Check every line below for the word "compete" and show those that hold it.

───── Working data ─────

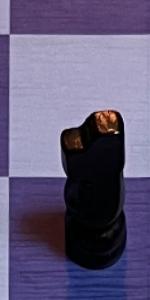
Label: Knight_Black
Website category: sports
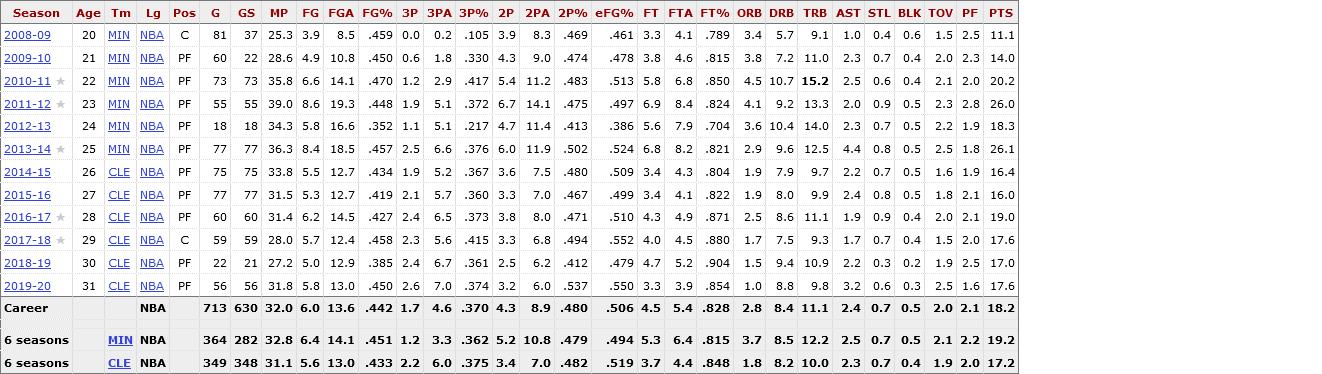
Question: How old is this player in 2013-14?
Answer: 25

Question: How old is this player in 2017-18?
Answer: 29

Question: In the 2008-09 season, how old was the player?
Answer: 20

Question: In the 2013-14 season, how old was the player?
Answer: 25

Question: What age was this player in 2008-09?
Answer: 20

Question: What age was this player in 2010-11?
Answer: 22

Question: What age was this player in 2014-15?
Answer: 26

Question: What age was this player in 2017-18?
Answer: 29

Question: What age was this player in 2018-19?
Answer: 30

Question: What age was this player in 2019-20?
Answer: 31

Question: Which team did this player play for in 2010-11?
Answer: MIN

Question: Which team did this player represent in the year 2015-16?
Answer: CLE

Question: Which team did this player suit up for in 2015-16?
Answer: CLE

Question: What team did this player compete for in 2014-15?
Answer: CLE

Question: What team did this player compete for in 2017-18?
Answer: CLE

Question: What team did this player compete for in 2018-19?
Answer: CLE

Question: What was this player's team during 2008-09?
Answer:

─────

Task answer:
Question: What team did this player compete for in 2014-15?
Question: What team did this player compete for in 2017-18?
Question: What team did this player compete for in 2018-19?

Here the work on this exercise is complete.